- Data supplied
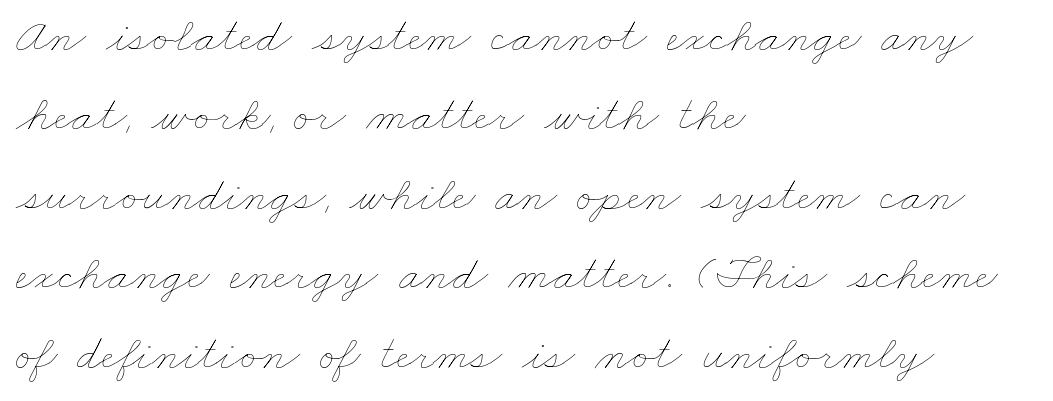
{"bold": "no", "weight": "thin", "width": "wide", "stroke_contrast": "low", "x_height": "small", "monospaced": "no", "underline": "no", "align": "left", "line_spacing": "normal", "line_spacing_ratio": 1.59, "letter_spacing": "normal", "letter_spacing_em": 0.0, "glyph_px": 50}
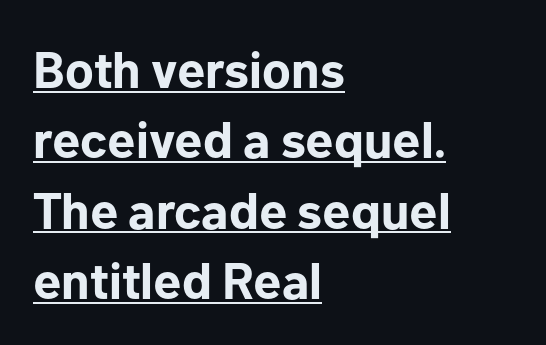
{"serif": "no", "italic": "no", "bold": "yes", "weight": "bold", "width": "normal", "stroke_contrast": "low", "x_height": "medium", "monospaced": "no", "underline": "yes", "align": "left", "line_spacing": "normal", "line_spacing_ratio": 1.38, "letter_spacing": "normal", "letter_spacing_em": 0.0, "glyph_px": 51}
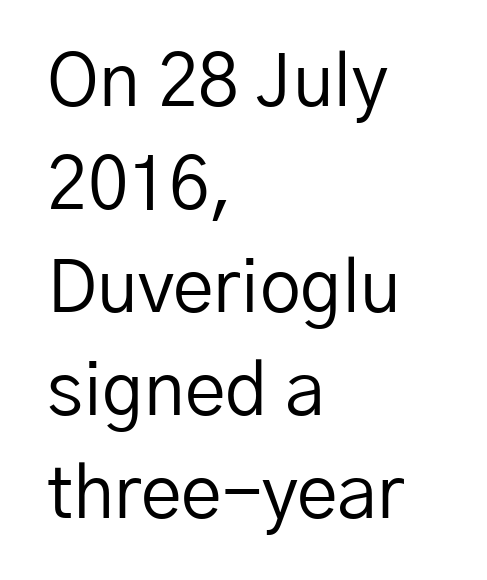
{"serif": "no", "italic": "no", "bold": "no", "weight": "regular", "width": "normal", "stroke_contrast": "low", "x_height": "medium", "monospaced": "no", "underline": "no", "align": "left", "line_spacing": "normal", "line_spacing_ratio": 1.41, "letter_spacing": "normal", "letter_spacing_em": 0.0, "glyph_px": 73}
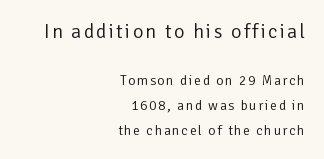
The rendering anchors every line to the right-hand side. Words float on clear page, feet unadorned. Large over small — that's the arrangement of the two blocks here. Characters remain perfectly vertical along every line.
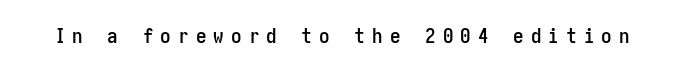
The image shows 21 px text type, upright; set unusually wide letter spacing (+0.34 em), not underlined.
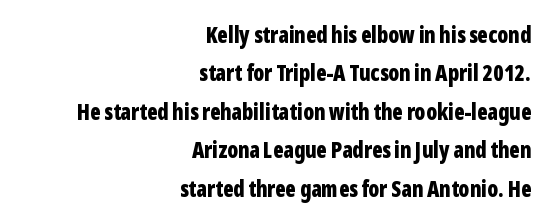
Q: Is the text bold? A: Yes.
Q: Is the text italic (slanted)? A: No, it is upright.
Q: Is the text underlined? A: No.
Q: How is the paragraph aligned? A: Right-aligned.
Q: Is the spacing between letters normal or unusually wide? A: Normal.
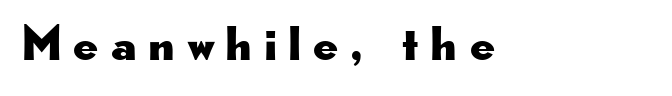
Look at the bottom of the vertical strokes: they stop flat, with no serifs. Nope, not italic — everything's standing straight. Observe the wide spacing: letters keep a clear distance from each other. Here the designer chose a conventional face with non-uniform glyph widths.
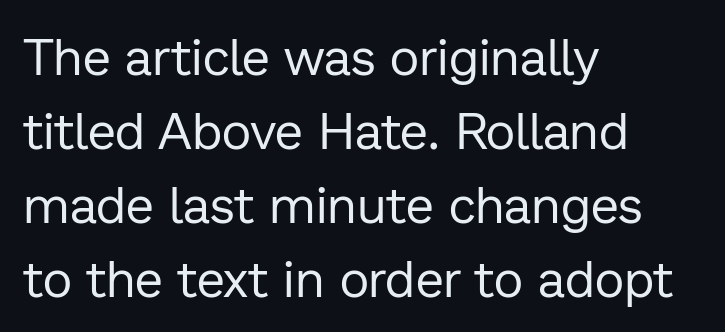
Q: Is the text bold? A: No.
Q: Is the text italic (slanted)? A: No, it is upright.
Q: Is the typeface a serif or a sans-serif typeface? A: Sans-serif.
Q: Is the text underlined? A: No.
Q: How is the paragraph aligned? A: Left-aligned.
Q: Is the spacing between letters normal or unusually wide? A: Normal.
Q: Is the spacing between lines tight, normal or loose? A: Normal.
Q: Width (condensed, normal, or wide)? A: Normal.
Q: Stroke contrast? A: Low.
Q: x-height? A: Medium.
Q: Monospaced? A: No.
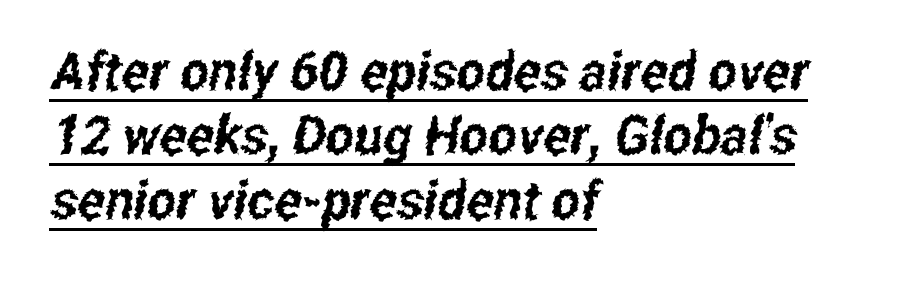
Default kerning and tracking; the words read as compact shapes. The lines in this sample share a left origin and differ only in where they stop. Varying glyph widths throughout — classic text-font behaviour. What decoration does the sample have? An underline. Grotesque or geometric, the face here clearly has no serifs.
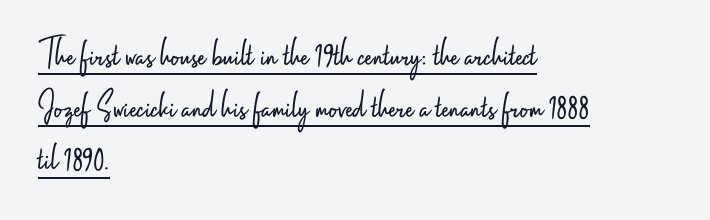
The letters advance in unequal steps, a hallmark of proportional type. The passage is arranged the way most books set body copy — flush left. Serif or sans? Sans — the stroke terminals are bare. The passage shown is underscored from start to finish.
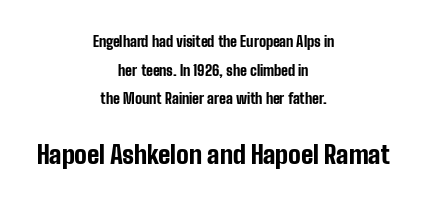
The image shows 25 px bold type, upright; set centered, loose line spacing (2.04x), normal letter spacing, not underlined; the second (bottom) block is 1.79x larger.
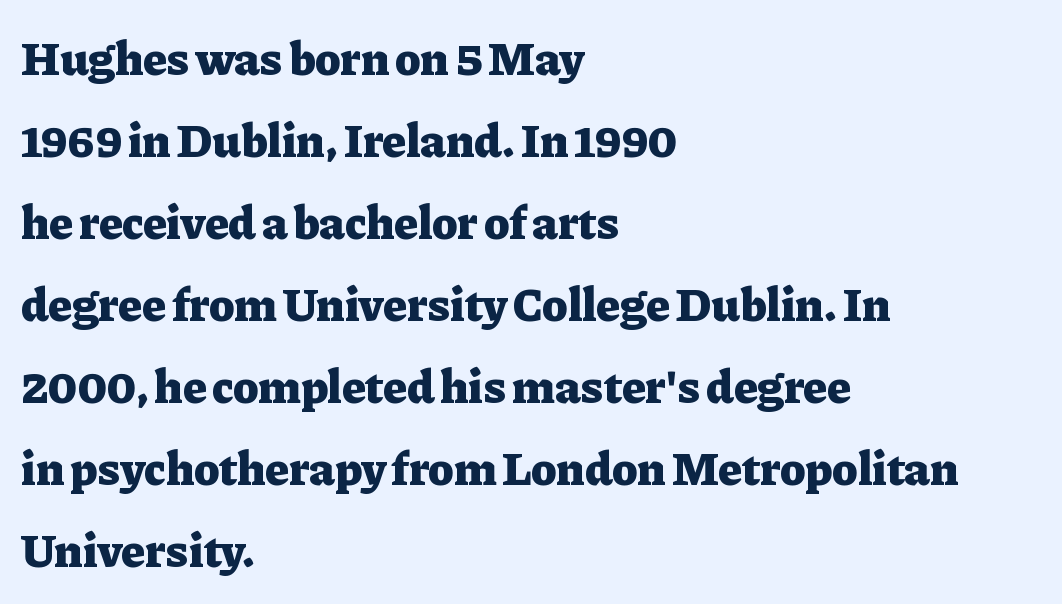
{"serif": "yes", "italic": "no", "bold": "yes", "weight": "heavy", "width": "normal", "stroke_contrast": "low", "x_height": "medium", "monospaced": "no", "underline": "no", "align": "left", "line_spacing_ratio": 1.71, "letter_spacing": "normal", "letter_spacing_em": 0.0, "glyph_px": 48}
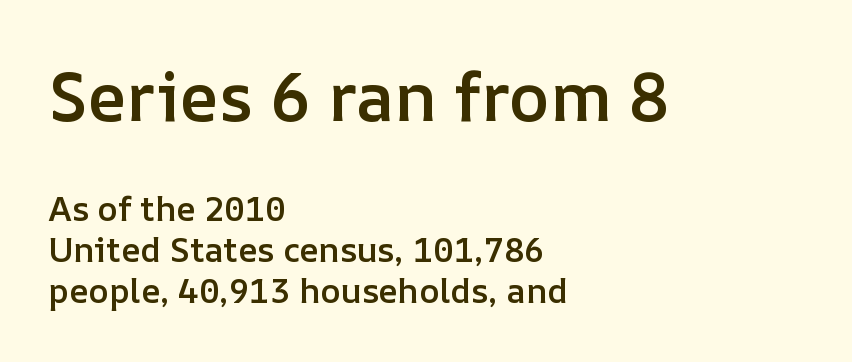
Each row of text sits above clean, open space. Emphasis by weight is partial: semibold. The rendering anchors every line to the left-hand side. Look at the glyph heights: the upper group is clearly the bigger setting.
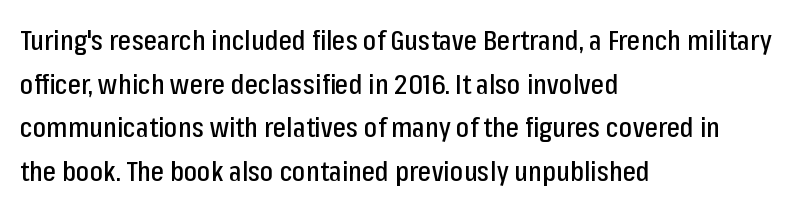
Q: Is the text italic (slanted)? A: No, it is upright.
Q: Is the typeface a serif or a sans-serif typeface? A: Sans-serif.
Q: Is the text underlined? A: No.
Q: How is the paragraph aligned? A: Left-aligned.
Q: Is the spacing between letters normal or unusually wide? A: Normal.
Q: Is the spacing between lines tight, normal or loose? A: Normal.
Q: Width (condensed, normal, or wide)? A: Condensed.
Q: Stroke contrast? A: Low.
Q: x-height? A: Medium.
Q: Monospaced? A: No.
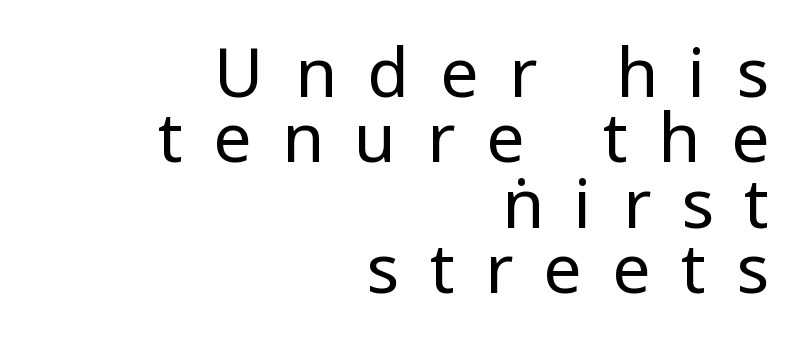
The image shows 68 px regular-weight, condensed sans-serif type, upright; set right-aligned, tight line spacing (0.96x), unusually wide letter spacing (+0.45 em), not underlined; low stroke contrast.
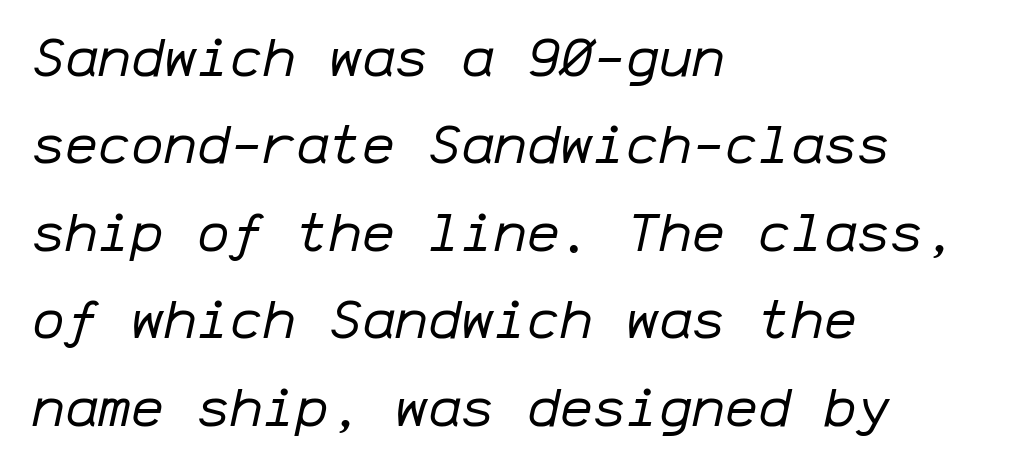
This sample keeps an unexceptional amount of space between lines. This is oblique type, the kind used for emphasis or titles. A quiet, ordinary-to-light weight characterises the typeface. A clean baseline with only descenders dipping below it.
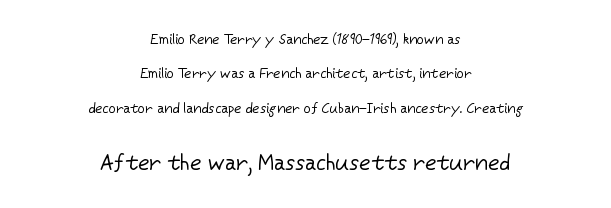
{"italic": "no", "bold": "no", "underline": "no", "align": "center", "line_spacing": "loose", "line_spacing_ratio": 2.45, "letter_spacing": "normal", "letter_spacing_em": 0.0, "larger_block": "second", "size_ratio": 1.57, "glyph_px": 22}
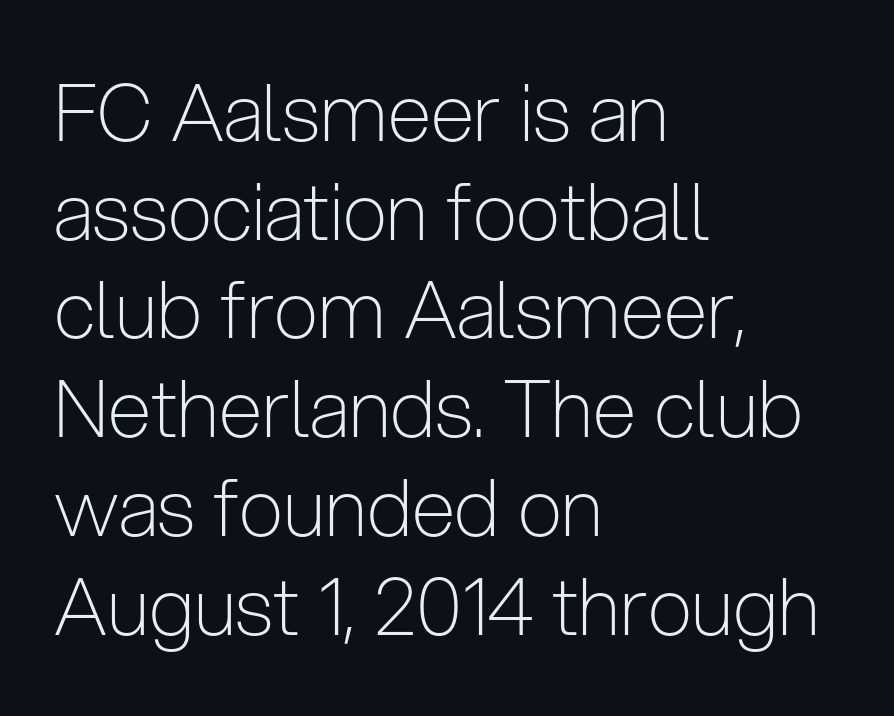
Q: Is the text bold? A: No.
Q: Is the text italic (slanted)? A: No, it is upright.
Q: Is the typeface a serif or a sans-serif typeface? A: Sans-serif.
Q: Is the text underlined? A: No.
Q: How is the paragraph aligned? A: Left-aligned.
Q: Is the spacing between letters normal or unusually wide? A: Normal.
Q: Is the spacing between lines tight, normal or loose? A: Normal.
Q: Width (condensed, normal, or wide)? A: Condensed.
Q: Stroke contrast? A: Low.
Q: x-height? A: Medium.
Q: Monospaced? A: No.
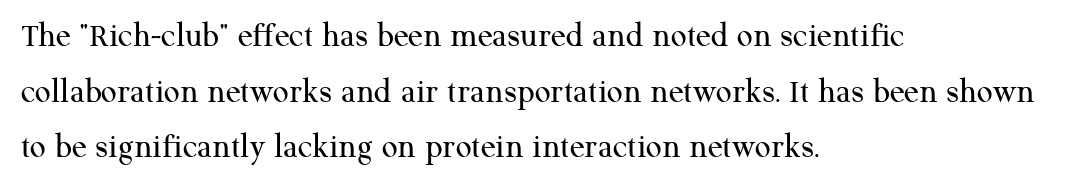
Q: Is the text bold? A: No.
Q: Is the text italic (slanted)? A: No, it is upright.
Q: Is the typeface a serif or a sans-serif typeface? A: Serif.
Q: Is the text underlined? A: No.
Q: How is the paragraph aligned? A: Left-aligned.
Q: Is the spacing between letters normal or unusually wide? A: Normal.
Q: Is the spacing between lines tight, normal or loose? A: Normal.
Q: Width (condensed, normal, or wide)? A: Normal.
Q: Stroke contrast? A: Medium.
Q: x-height? A: Medium.
Q: Monospaced? A: No.
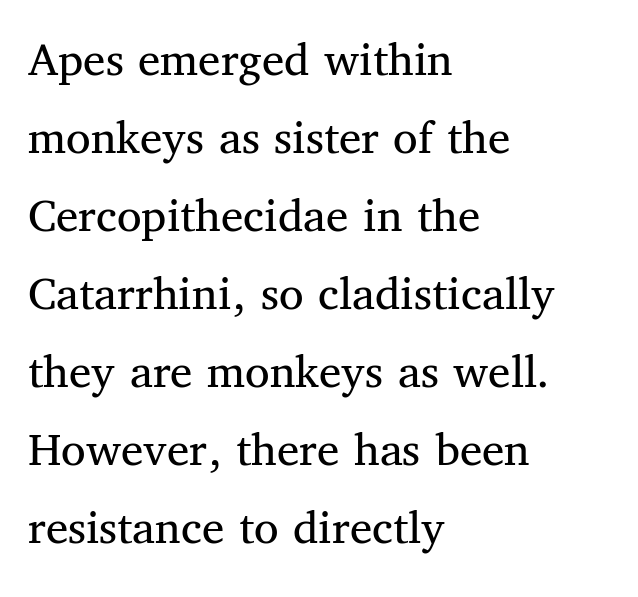
{"serif": "yes", "italic": "no", "bold": "no", "weight": "regular", "width": "normal", "stroke_contrast": "medium", "x_height": "medium", "monospaced": "no", "underline": "no", "align": "left", "line_spacing": "normal", "line_spacing_ratio": 1.56, "letter_spacing": "normal", "letter_spacing_em": 0.0, "glyph_px": 50}
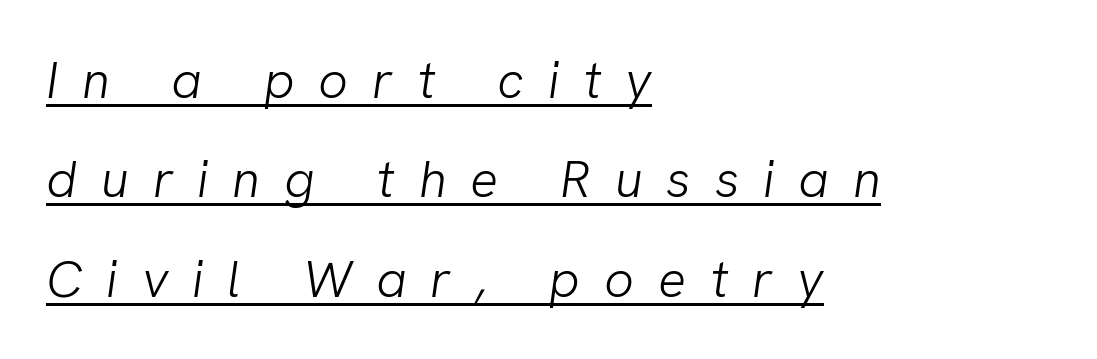
{"serif": "no", "bold": "no", "weight": "light", "width": "normal", "stroke_contrast": "low", "x_height": "medium", "monospaced": "no", "underline": "yes", "align": "left", "line_spacing": "loose", "line_spacing_ratio": 1.91, "letter_spacing": "wide", "letter_spacing_em": 0.46, "glyph_px": 52}
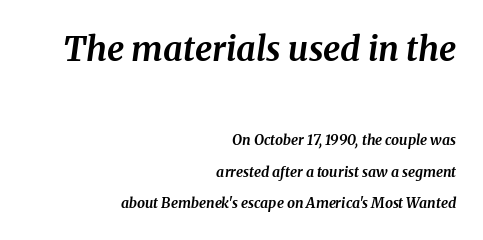
The image shows 34 px bold serif type, italic (leaning right); set right-aligned, loose line spacing (2.26x), normal letter spacing, not underlined; the first (top) block is 2.43x larger; medium stroke contrast and a medium x-height.
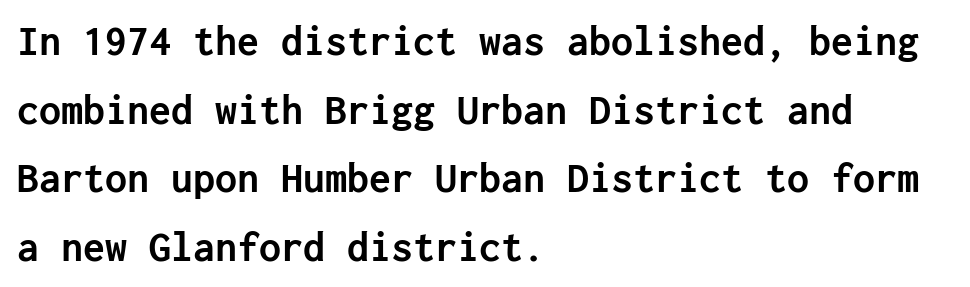
Horizontal alignment here is leftward, the default for most running prose. Honestly, the row spacing looks completely unremarkable. Does extra space separate the letters? No, they use regular spacing. The passage shown is not underscored anywhere.

- What you are asked to do
The lines you need are those holding the word "passage"; copy each of them from the material above.

- Task result
The letters advance in unequal steps, a hallmark of proportional type. The passage is arranged the way most books set body copy — flush left. Serif or sans? Sans — the stroke terminals are bare. The passage shown is underscored from start to finish.
Horizontal alignment here is leftward, the default for most running prose. Honestly, the row spacing looks completely unremarkable. Does extra space separate the letters? No, they use regular spacing. The passage shown is not underscored anywhere.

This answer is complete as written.